The hard disk drive (or HDD) to read/write information on a magnetic disk (or disk) employs the disk as a storage medium and read/write data on the disk surface using a magnetic head (or head). The HDD typically comprises a head support device that suspends the head at a predetermined floating height over the disk surface to move the head to a target location on the disk radially.
An example of the head support device with the floating head in a conventional HDD is described as follows with reference to FIGS. 8 and 9. FIG. 8 is a plan view showing the main structure and relation between the head support device and the disk (“disk” also referred to as “recording medium”). FIG. 9 is a perspective view showing the main structure of the head support device in a conventional HDD.
Head support device 91 comprises: comparatively less rigid head suspension (“head suspension” also referred to as “support arm”) 92; plate spring 93; comparatively more rigid base arm 94; slider 95 mounted on the surface of one end of head suspension 92 facing disk 98; and a head (not shown) mounted on slider 95 as shown in FIGS. 8 and 9. Head suspension 92 with comparatively less rigidity is bent to form plate spring 93 at one end, and plate spring 93 is connected to base arm 94. Moreover, base arm 94 is secured rotatably on bearing 96, and head support device 91 can move pivotally within a predetermined angle to a target location on the disk radially using actuator 97 connected to base arm 94. Additionally, head actuator 90 consists of head support device 91, bearing 96 and actuator 97.
Disk 98 rotates at a predetermined speed by disk driving means 99. During a reading/writing operation of the HDD, balance between the floating force by air flow generated during rotation of disk 98 and biasing force against the disk surface suspends slider 95 at a predetermined floating height over the disk surface, and the head mounted to slider 95 reads and/or writes data over the disk surface at a predetermined floating height.
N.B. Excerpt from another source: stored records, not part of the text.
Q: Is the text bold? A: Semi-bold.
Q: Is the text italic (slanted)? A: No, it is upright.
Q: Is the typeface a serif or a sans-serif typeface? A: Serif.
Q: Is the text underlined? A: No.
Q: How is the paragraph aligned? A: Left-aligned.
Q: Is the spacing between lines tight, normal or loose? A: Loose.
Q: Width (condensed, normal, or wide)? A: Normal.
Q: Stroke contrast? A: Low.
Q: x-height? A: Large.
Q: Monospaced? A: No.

Plate spring 93 formed on head support device 91 mainly provides slider 95 with the biasing force against the disk surface. Head support device 91 moves pivotally around bearing 96 as a rotation center using actuator 97 connected to base arm 94 to transport the head mounted on slider 95, floating over the disk surface at a predetermined floating height, to a target track location for reading/writing operation.
In the aforementioned head support device 91, floating at a predetermined height over the disk surface, plate spring 93 provided on head suspension 92 must have a function to allow slider 95 to follow disk 98 steadily under fluctuation of biasing forces caused by product quality fluctuation, in a case of vertical shock of disk 98. Therefore, head suspension 92 has typically a thin-plate or apertured structure with lower rigidity as well as a smaller spring constant to provide head support device 91 with a certain level of flexibility. To withstand and absorb external shocks on slider 95, various methods are presented, such as setting the center-of-mass of head support device on a specific position or adding a counter weight to cancel shocking loads (for example, see Japanese Patent Unexamined Publication No. 09082052 and H11-039808).
However, in the head support device used in conventional HDDs, a vibration mode such as torsion or the like occurs in positioning the head support device to a target track by pivotal movement because of the lowered resonance frequency owe to the adoption of thin-plate structure of head suspension 92. The drawback is that the time necessary to stabilize the vibration mode increases the reading/writing access time.
Additionally, the conventional structure must absorb external shocks by forming an arch in the thin-plate structure. Upon loading strong external shocks on the head support device, therefore, balance between the floating force by air flow generated in rotation of the disk and biasing force against the disk surface is disturbed to cause a possible risk of the slider 95 jumping from the disk surface because rigidity is especially lower in the slider mounting portion of the head suspension. The slider 95 sometimes collides with the disk by strong external shocks causing damages magnetically or mechanically. The problem is commonly observed in disk drives using the floating head system, such as optical disk drive, magneto-optical disk drive or the like.
Moreover, along with the downsizing trend of PCs, small sized and especially low profile HDD is required urgently. A low profile design is, therefore, needed for head support device that is a main component of the hard disk drive.